Open Issues and Use Cases

Mailing list

This proposal has been discussed on the "legal-talk" mailing list. A record is available online.

Distinction between "a Geocoding Results" and "a collection of Geocoding Results" / No reverse engineering

Geocoding a single address may yield a produced work, but if you do this many times and collect the results in a database (for example, adding coordinates to your customer database) you are clearly producing a derived database.

Otherwise I could take a list of all addresses in a given city, run it by the Geocoder, and I'd essentially have a full copy of OpenStreetMap's database of address points that is no longer under ODbL.

This effect is even more dangerous if the definition of Geocoding Result is chosen to mean "latitude/longitude pairs, full or partial addresses and or point of interest names", because then it would even be possible to "discover" POIs in OpenStreetMap by simply geocoding every possible address, and generate a POI extract that is no longer under ODbL. If the guideline is intended to cover reverse Geocoding as well, then essentially a sweep scan of all possible coordinates could re-build the complete OSM database.

A geocoding guideline should make it clear to what extent you can re-combine these produced works in a database without triggering share-alike of the database; for example by putting a size limit on the number of Geocoding Results that may be so combined, for example: "If repeated geocoding requests are made against an ODbL database, and if the results of these requests are not just used transiently but stored in a database, then while the individual geocoding results are not under ODbL, the resulting database falls under ODbL as soon as it contains a substantial extract of the original database (see "Substantial" guideline)."

I believe that we had this reverse-engineer discussion during the license change and that the majority opinion was that the above is self-evident; using produced works to re-combine them into a database will automatically lead to ODbL, no matter if we explicitly say it or not. (Examples were discussed where you'd use a black-and-white bitmap tile - produced work - to trace roads off of.) However I believe that for the sake of clarity we should explicitly state this, lest people think they can essentially build an address database out of OSM Geocoding Results and keep it proprietary.

The Failover Issue and Publishing Derived Datasets

Example 7 glosses over a point that has been raised for example by Steve Coast in the past: are failed geocoding results really free of OSM intellectual property?
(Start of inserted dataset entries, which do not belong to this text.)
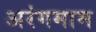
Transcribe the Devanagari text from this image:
अरंगमाम
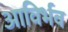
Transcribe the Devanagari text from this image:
आविर्भव
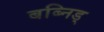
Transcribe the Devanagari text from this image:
बब्निड्
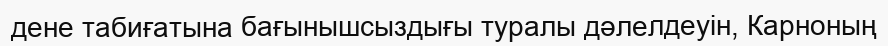
дене табиғатына бағынышсыздығы туралы дәлелдеуін, Карноның
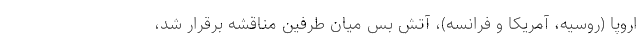
اروپا (روسیه، آمریکا و فرانسه)، آتش بس میان طرفین مناقشه برقرار شد،
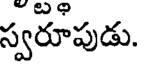
స్వరూపుడు.
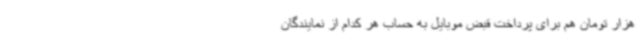
هزار تومان هم برای پرداخت قبض موبایل به حساب هر کدام از نمایندگان
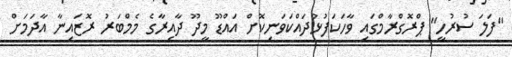
"ފަލަ ސުރުހީ" ޕްރޮގްރާމްގައި ވާހަކަފުޅުދައްކަވަނިކޮށް އައްޑޫ މީދޫ ދާއިރާގެ މެމްބަރު ރޮޒައިނާ އާދަމަށް

For clarity: we are not discussing on the fly gecoding as there is no database created and nothing to share.

I don't believe there is a clear and conclusive answer to the above and there is a certain danger of getting in to "how many angels can dance on the head of a pin" type of discussions, so I believe that it boils down to: with what is the OSM community happy? Naturally with the backdrop of the ODbL in mind.

I suggest something very simple: that the set of failed addresses (or more general: input data) should be shared with the OSM community.
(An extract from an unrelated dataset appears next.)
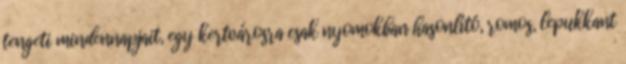
tengeti mindennapjait, egy kertvárosra csak nyomokban hasonlító, romos, lepukkant
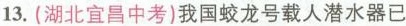
13.(湖北宜昌中考)我国蛟龙号载人潜水器已

Now you might ask why would we be interested in failed addresses? On the one hand these can be mined, just as the successfully geocoded ones, for additional information, for example for house number -> post codes relationships and on the other hand the list of failed addresses is obviously helpful for quality assurance.

And I believe that this, particularly the later point, creates a win-win situation for the organisation doing the geocoding and for OSM. The win for the geocoding organisation is that more of its addresses will be found in OSM and the reliance on third party datasets will be reduced.
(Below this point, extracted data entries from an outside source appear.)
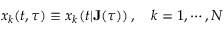
x _ { k } ( t , \tau ) \equiv x _ { k } ( t | \mathbf { J } ( \tau ) ) \, , \quad k = 1 , \cdots , N
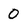
Character: 0
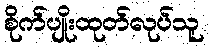
စိုက်ပျိုးထုတ်လုပ်သူ

Now assuming that a consensus forms around the above, there is still a slightly touchy issue in that companies may not want to be identified as the source of specific addresses. To resolve this I propose providing a facility by which such input datasets can be provided to the community and published anonymously (there is at least one system in existence that could simply be cloned to provide this facility). Note: all of the above only applies to datasets that are being publicly used so there can't be an expectation of a high level of data privacy to start with.